From that point on it's a lot of metaprogramming where I have html strings that I fill with the appropriate content. First the index page. This is really the most important part, that makes the blog readable. The only thing changing in that page is the table containing all the post titles+dates, and the list of categories:

index <- readLines("index.html",encoding="utf-8") #Reads in the index page
#The following line create each entries in the table
j <- sprintf("\t\t\t<tr><td class=\"date\">%s</td><td class=\"title\"><a href=\"%s\">%s</a></td></tr>",all$date, all$url, all$title)
#Then we replace the former table with the new one:
index <- c(index[1:grep("<table",index)],j,index[grep("</table",index):length(index)])
#And the same with the categories:
index[grep(">Categories:",index)] <- sprintf("\t\t\t<div class=\"footer\">Categories: %s<br/>",
                                             paste(sprintf("<a href=\"categories/%1$s.html\">%1$s</a>",cats),collapse=" - "))
#We then print it back to the file (overriding the previous content):
cat(index,file="index.html",sep="\n")

Then for each category, a specific page:

for(i in seq_along(cats)){
  #Here each page will be built on the same template, which is similar to the index page, with an additional title
  index <- readLines("categories/template.html",encoding="utf-8") #Reads in the template
  w <-sapply(catg,function(x)cats[i]%in%x)
  sub <- all[w,] #Pick the subset having the category currently processed
  #Makes the table, as previously:
  j <- sprintf("\t\t\t<tr><td class=\"date\">%s</td><td class=\"title\"><a href=\"../%s\">%s</a></td></tr>",sub$date, sub$url, sub$title)
  index <- c(index[1:grep("<table",index)],j,index[grep("</table",index):length(index)])
  #Adds the category name as title:
  index[grep("<h3>",index)] <- sprintf("<div class=\"footer\"><h3>Category: %s</h3></div>",cats[i])
  #Save in an html page named as the category for simplicity:
  cat(index,file=sprintf("categories/%s.html",cats[i]),sep="\n")
}

Then there is a section creating the RSS feed: it is very similar to the previous bit.
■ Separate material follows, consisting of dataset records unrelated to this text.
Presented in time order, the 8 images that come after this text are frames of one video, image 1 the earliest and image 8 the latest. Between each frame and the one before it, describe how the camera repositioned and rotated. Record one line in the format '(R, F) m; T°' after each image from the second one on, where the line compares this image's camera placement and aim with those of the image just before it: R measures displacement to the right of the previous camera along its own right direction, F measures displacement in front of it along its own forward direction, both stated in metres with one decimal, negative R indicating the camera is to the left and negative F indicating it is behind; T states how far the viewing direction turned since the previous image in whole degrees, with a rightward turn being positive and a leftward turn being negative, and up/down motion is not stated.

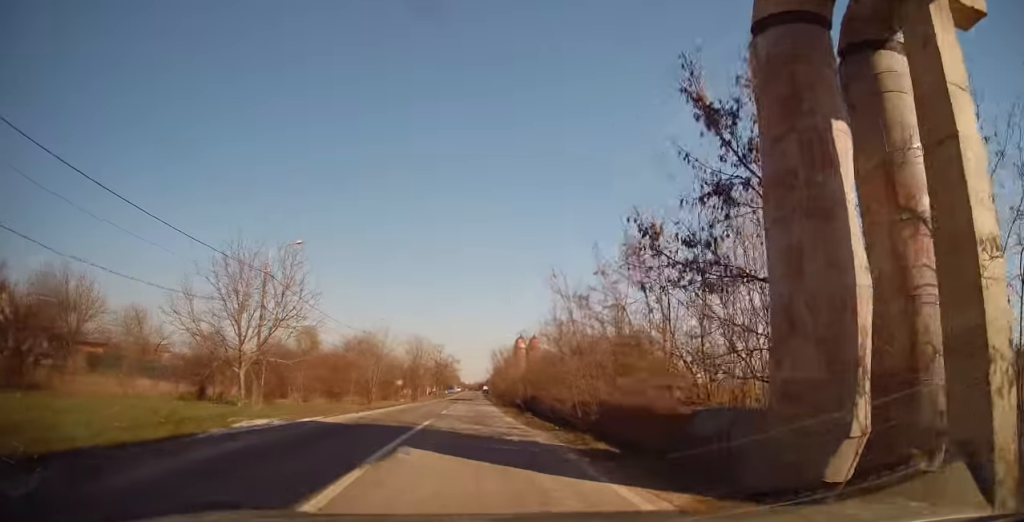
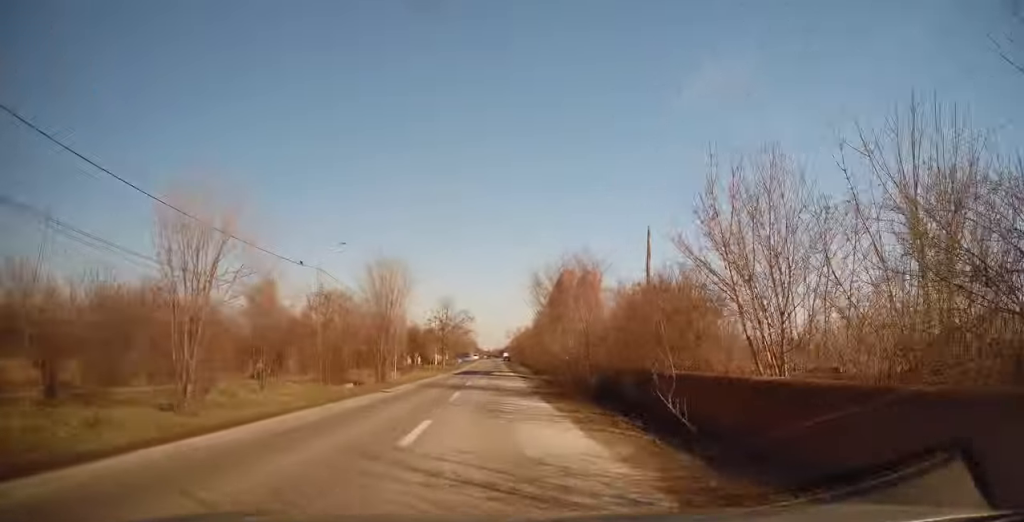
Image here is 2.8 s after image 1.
(-0.9, +21.2) m; -2°
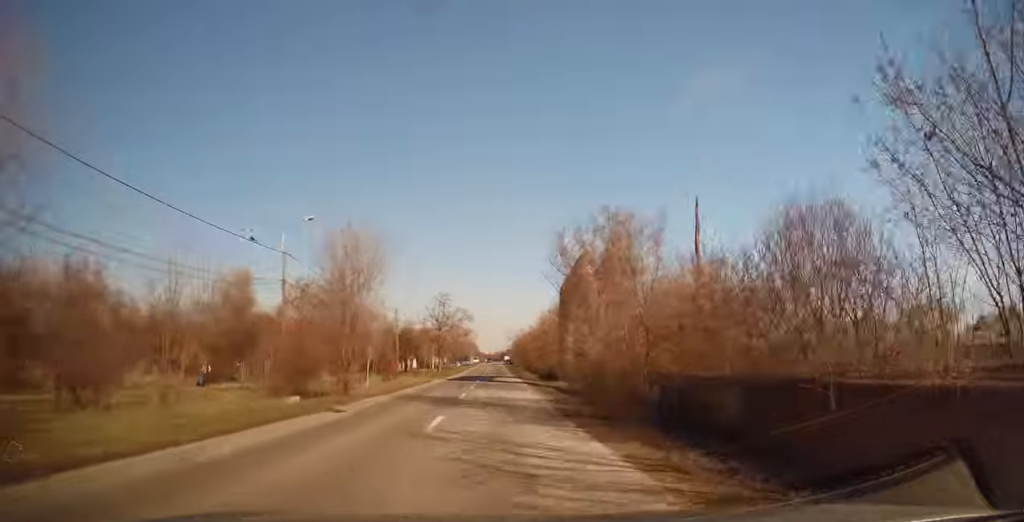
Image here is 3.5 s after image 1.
(+0.2, +5.1) m; +2°
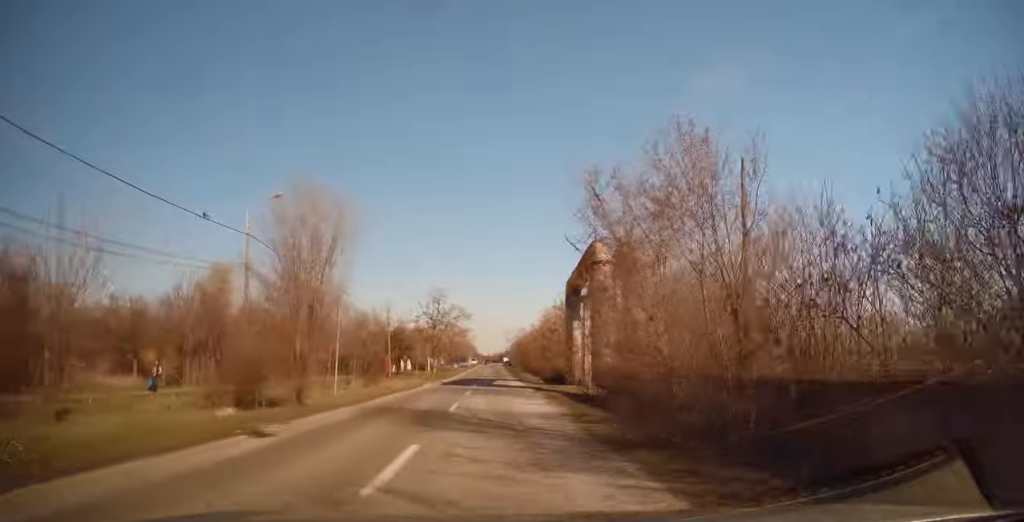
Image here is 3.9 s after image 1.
(0.0, +3.1) m; +1°
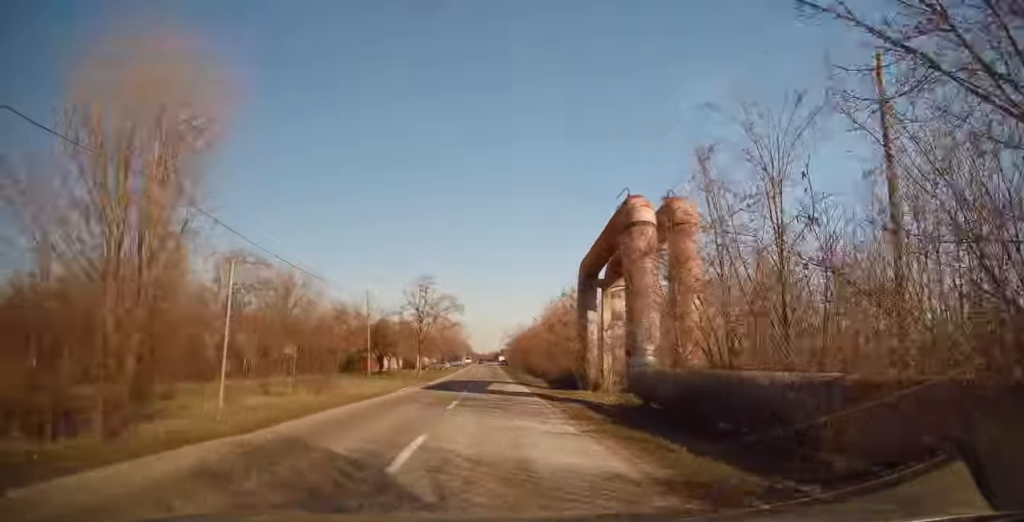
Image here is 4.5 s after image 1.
(+0.1, +5.4) m; 0°
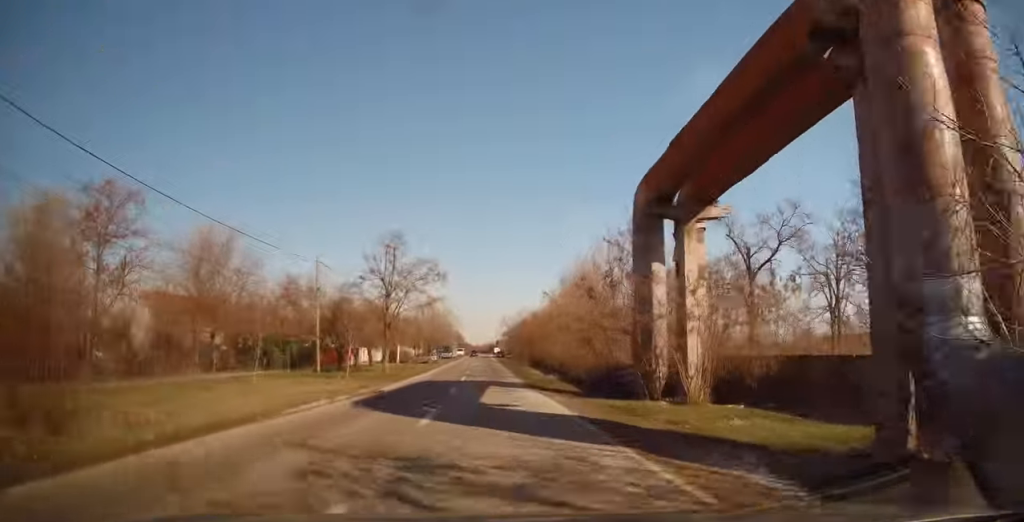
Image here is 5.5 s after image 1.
(0.0, +10.4) m; -1°
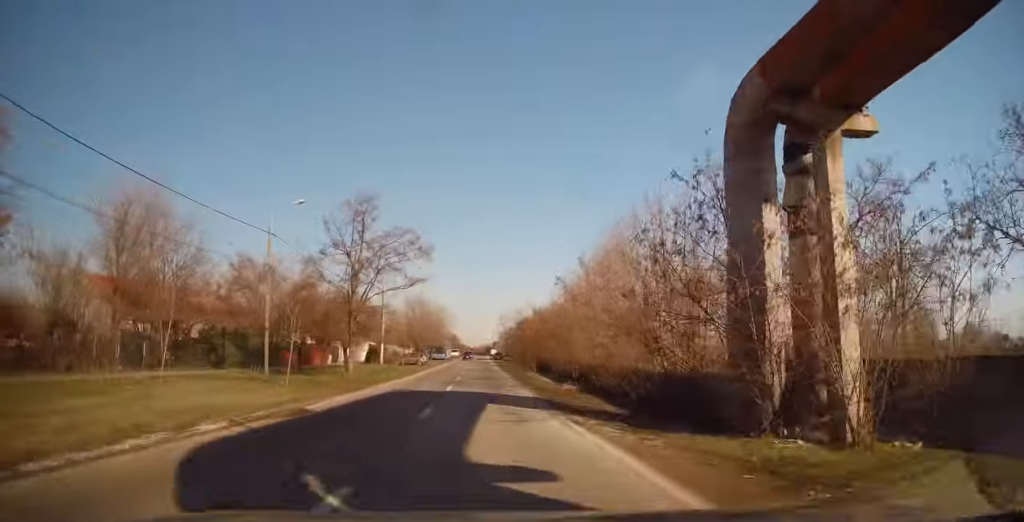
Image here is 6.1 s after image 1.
(-0.1, +7.0) m; 0°
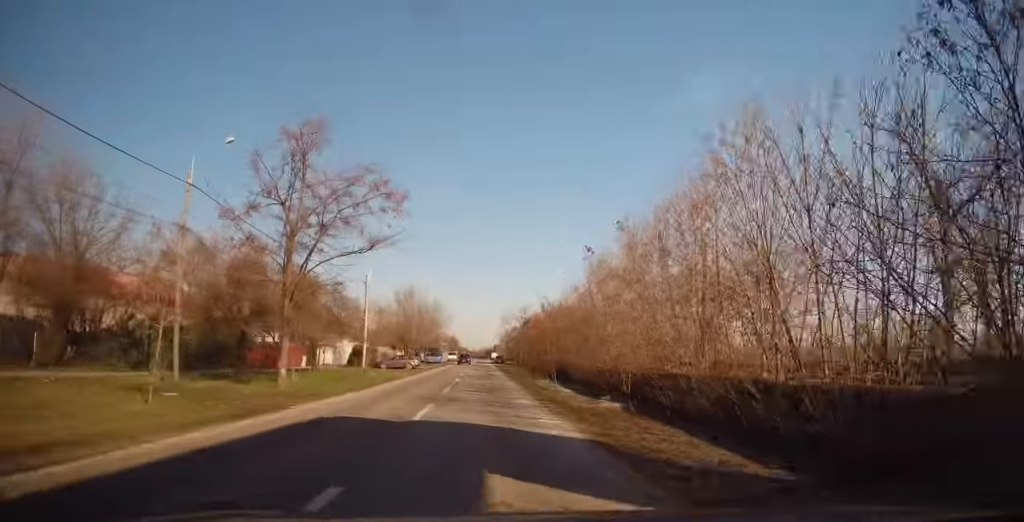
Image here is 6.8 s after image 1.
(-0.3, +7.9) m; +1°
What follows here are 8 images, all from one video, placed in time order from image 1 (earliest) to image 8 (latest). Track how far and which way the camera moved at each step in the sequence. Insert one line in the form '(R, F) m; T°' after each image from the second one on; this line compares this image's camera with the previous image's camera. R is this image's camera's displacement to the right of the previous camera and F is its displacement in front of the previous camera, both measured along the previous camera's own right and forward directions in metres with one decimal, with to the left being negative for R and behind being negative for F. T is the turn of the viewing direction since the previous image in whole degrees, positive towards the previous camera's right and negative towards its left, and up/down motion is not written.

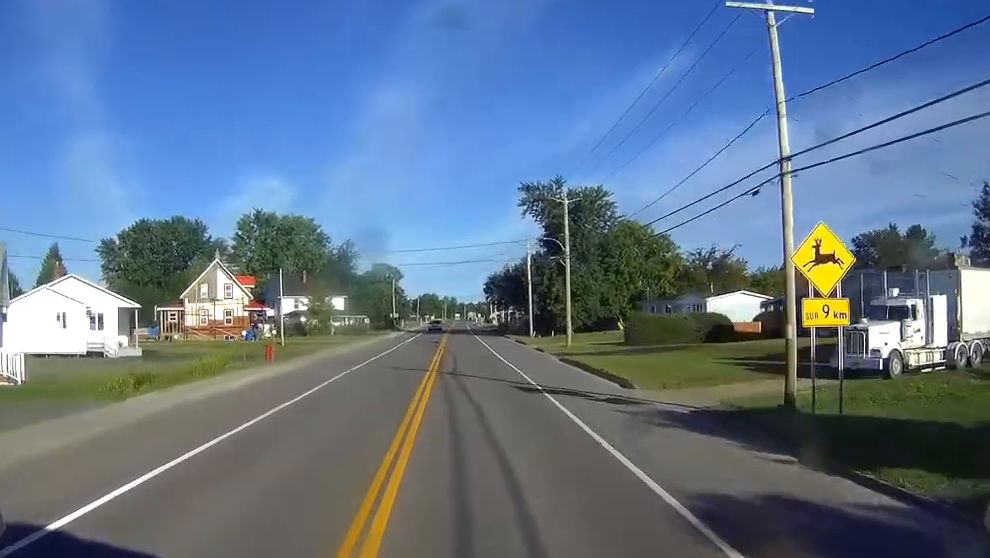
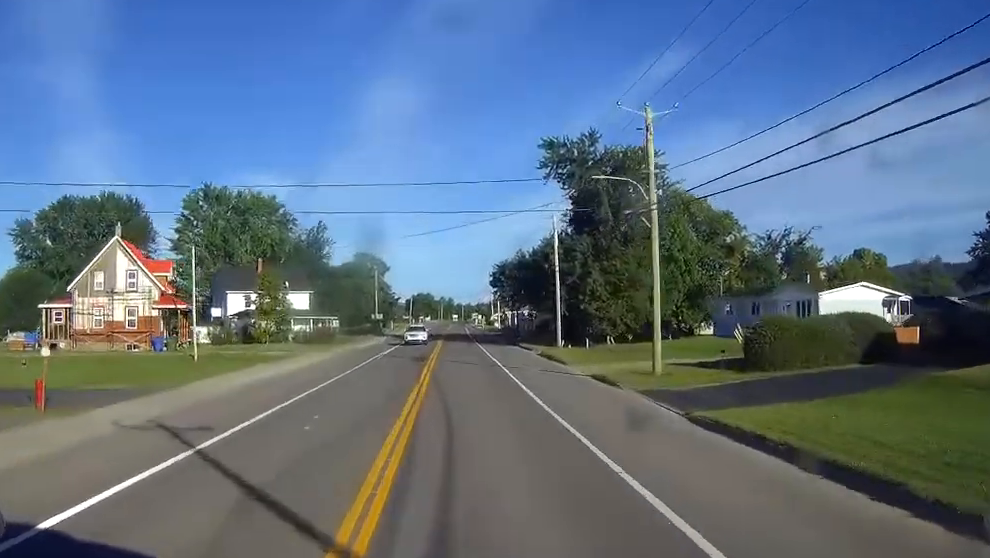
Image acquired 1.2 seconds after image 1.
(0.0, +27.2) m; 0°
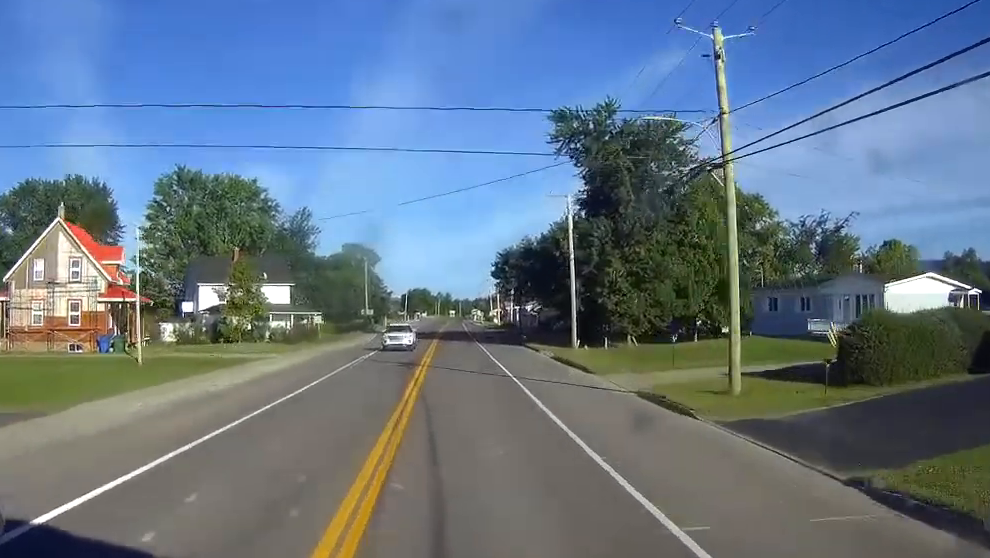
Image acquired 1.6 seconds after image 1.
(0.0, +9.8) m; 0°
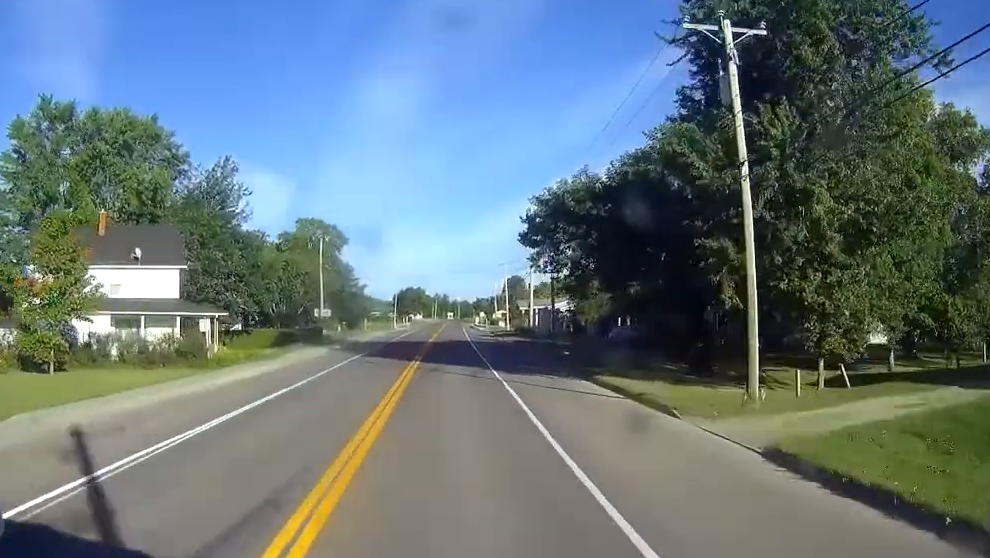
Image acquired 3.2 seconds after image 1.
(0.0, +34.6) m; 0°
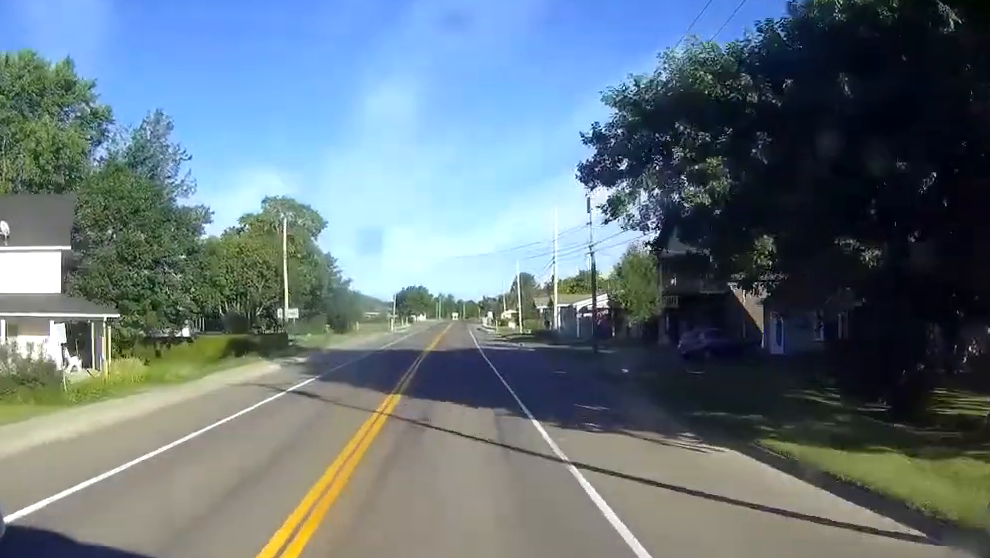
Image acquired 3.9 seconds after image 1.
(0.0, +17.3) m; 0°
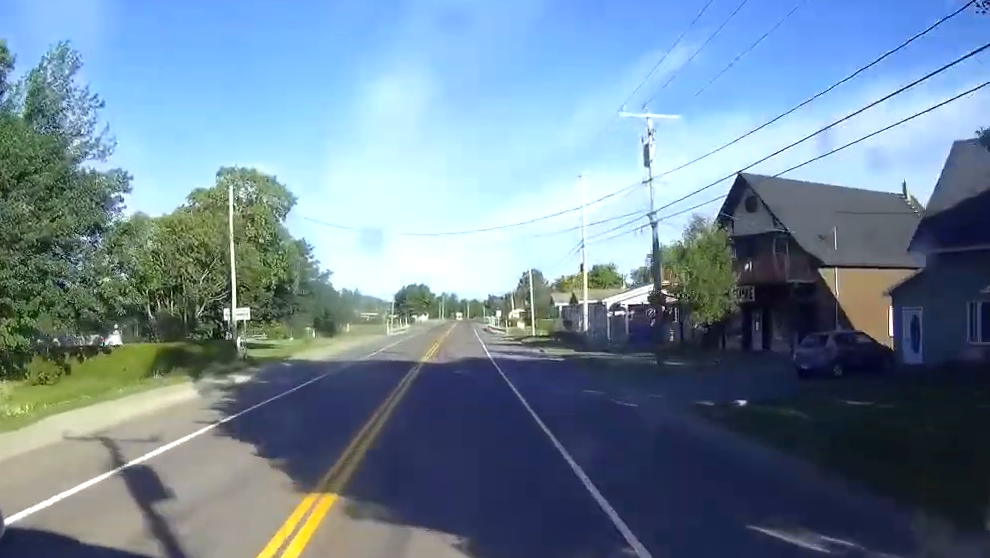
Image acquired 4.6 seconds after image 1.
(0.0, +14.3) m; 0°
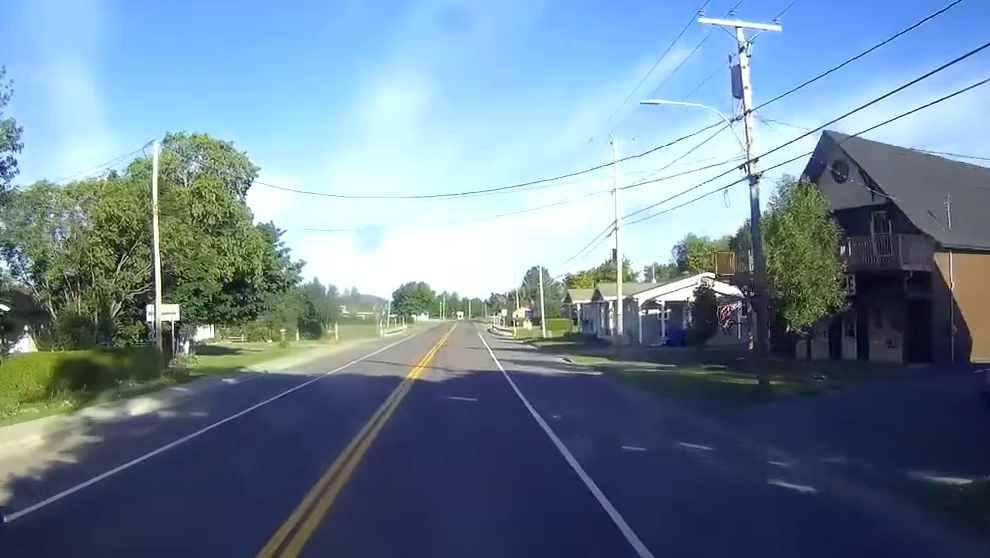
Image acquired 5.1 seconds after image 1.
(0.0, +11.3) m; 0°
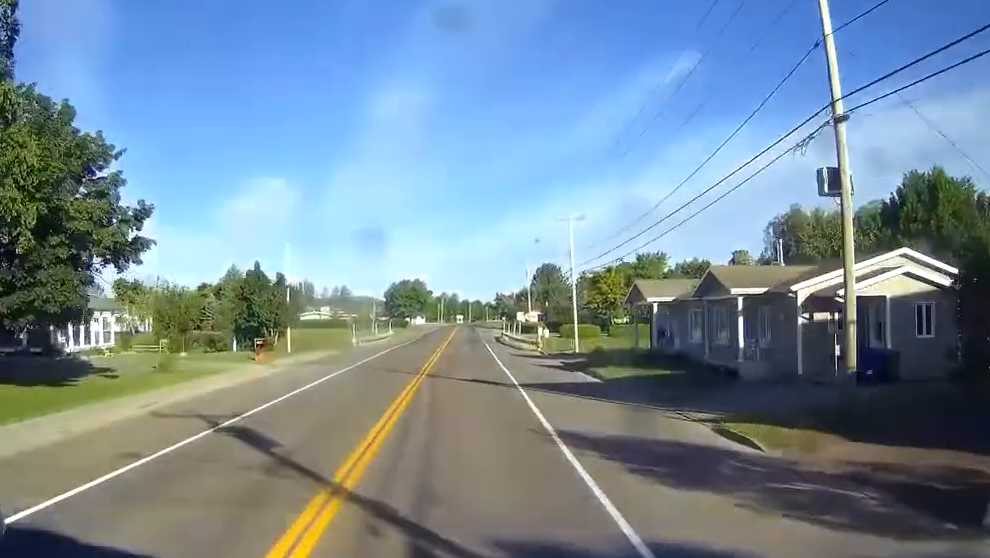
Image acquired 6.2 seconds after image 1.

You can check it out in the repository but I don't see the point of explaining it here. After that, there is a couple of lines of code to replace the link to the last blogpost in the template, followed by another few lines to put the link to the new post in the penultimate one:

template <- readLines("template.html") #Reads in template
template <- gsub(as.character(all$date[2]),as.character(all$date[1]),template) #Replace the link to the second-to-last post by the last one
cat(template,file="template.html",sep="\n") #Prints it back

last_html <- entries[grepl(as.character(all$date[2]),entries)] #Finds the second-to-last post
last <- readLines(last_html) #Reads it in
w <- grep("Back to Index",last) #Finds the line with the links
last[w] <- gsub("<!--\\| &lt;a href=\"\">Next entry &gt;</a>-->",
                sprintf("| <a href=\"%s.html\">Next entry &gt;</a>",all$date[1]),
                last[w]) #And add the new one.
cat(last,sep="\n",file=last_html) #Prints it back

And this is literaly all there is to it. I might add some new parts to it as I am figuring things out (such as the categories pages that I really just added in the last week) but I think the core will stay the same. I don't think I need anything fancier.